[Items from a data source]
....................

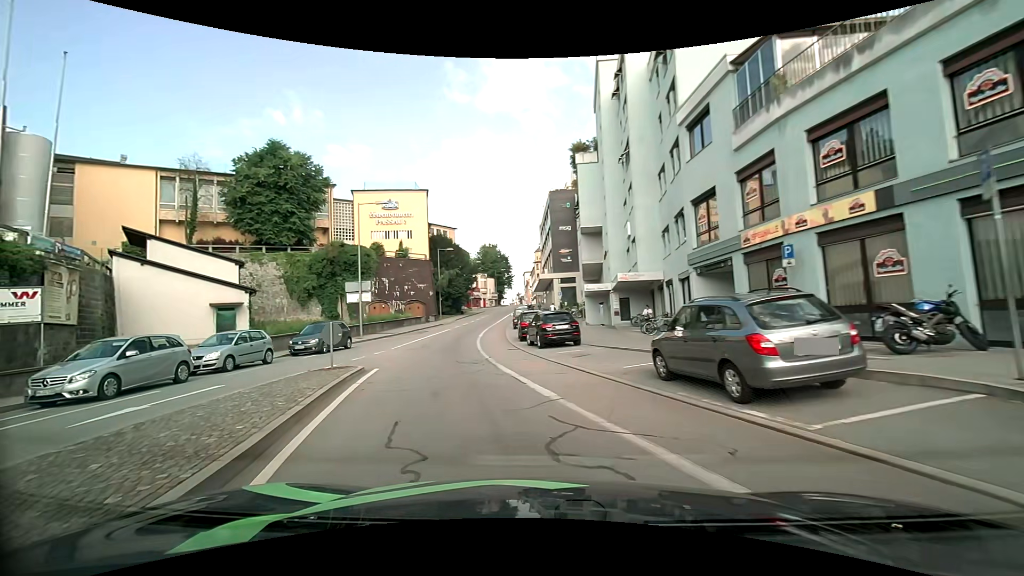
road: tertiary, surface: asphalt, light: Day
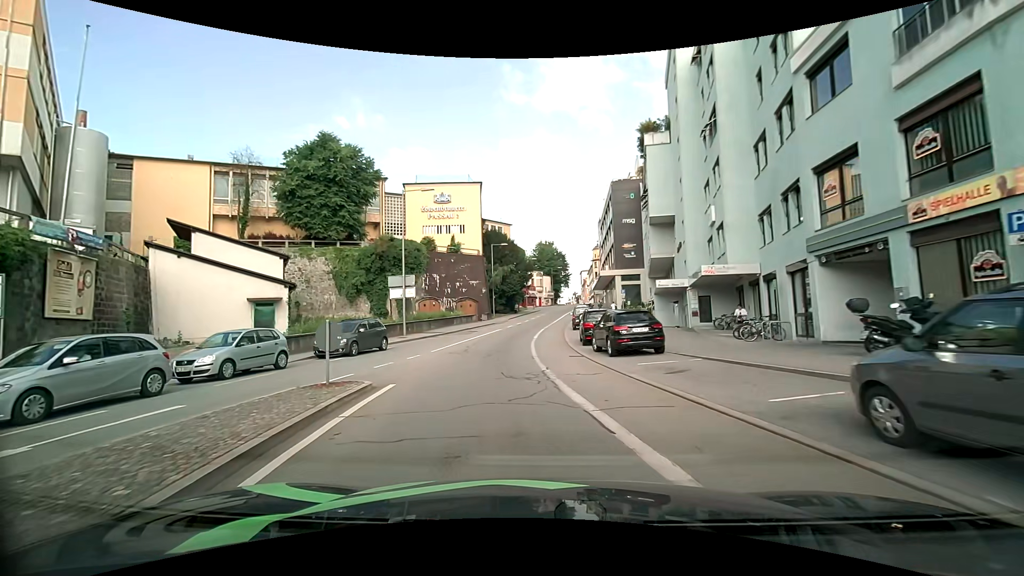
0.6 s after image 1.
(-0.3, +4.4) m; -6°
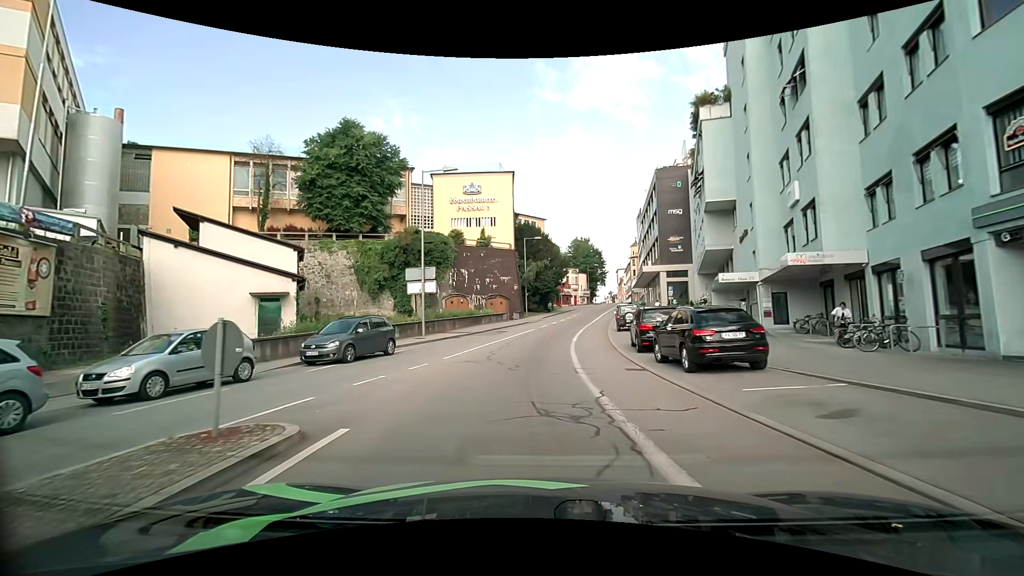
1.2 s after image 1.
(-0.2, +4.7) m; -4°
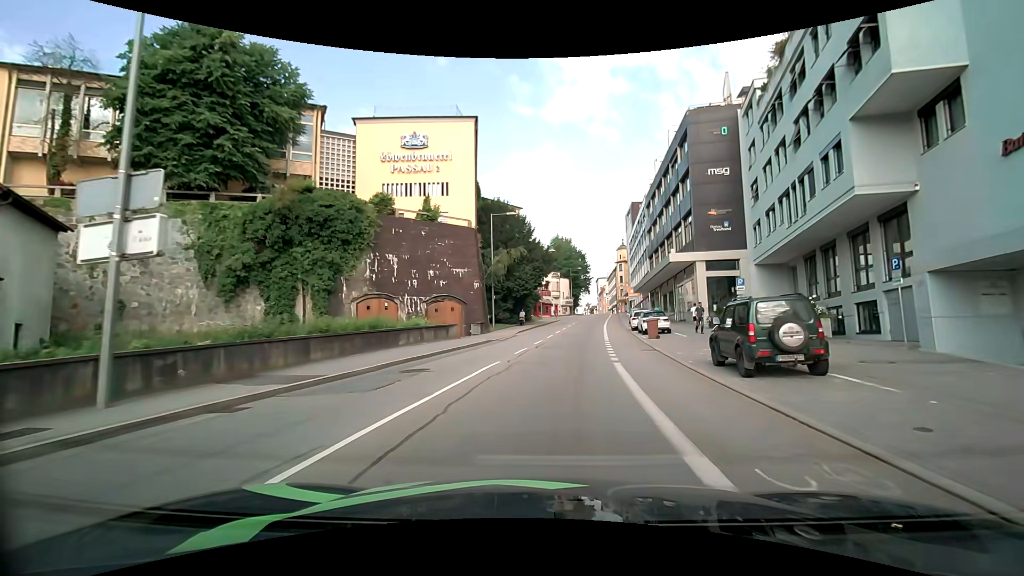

....................

Activity
Go through the records above and write out every line exactly, passing over the pictures.

Exercise output
road: tertiary, surface: asphalt, light: Day
0.6 s after image 1.
(-0.3, +4.4) m; -6°
1.2 s after image 1.
(-0.2, +4.7) m; -4°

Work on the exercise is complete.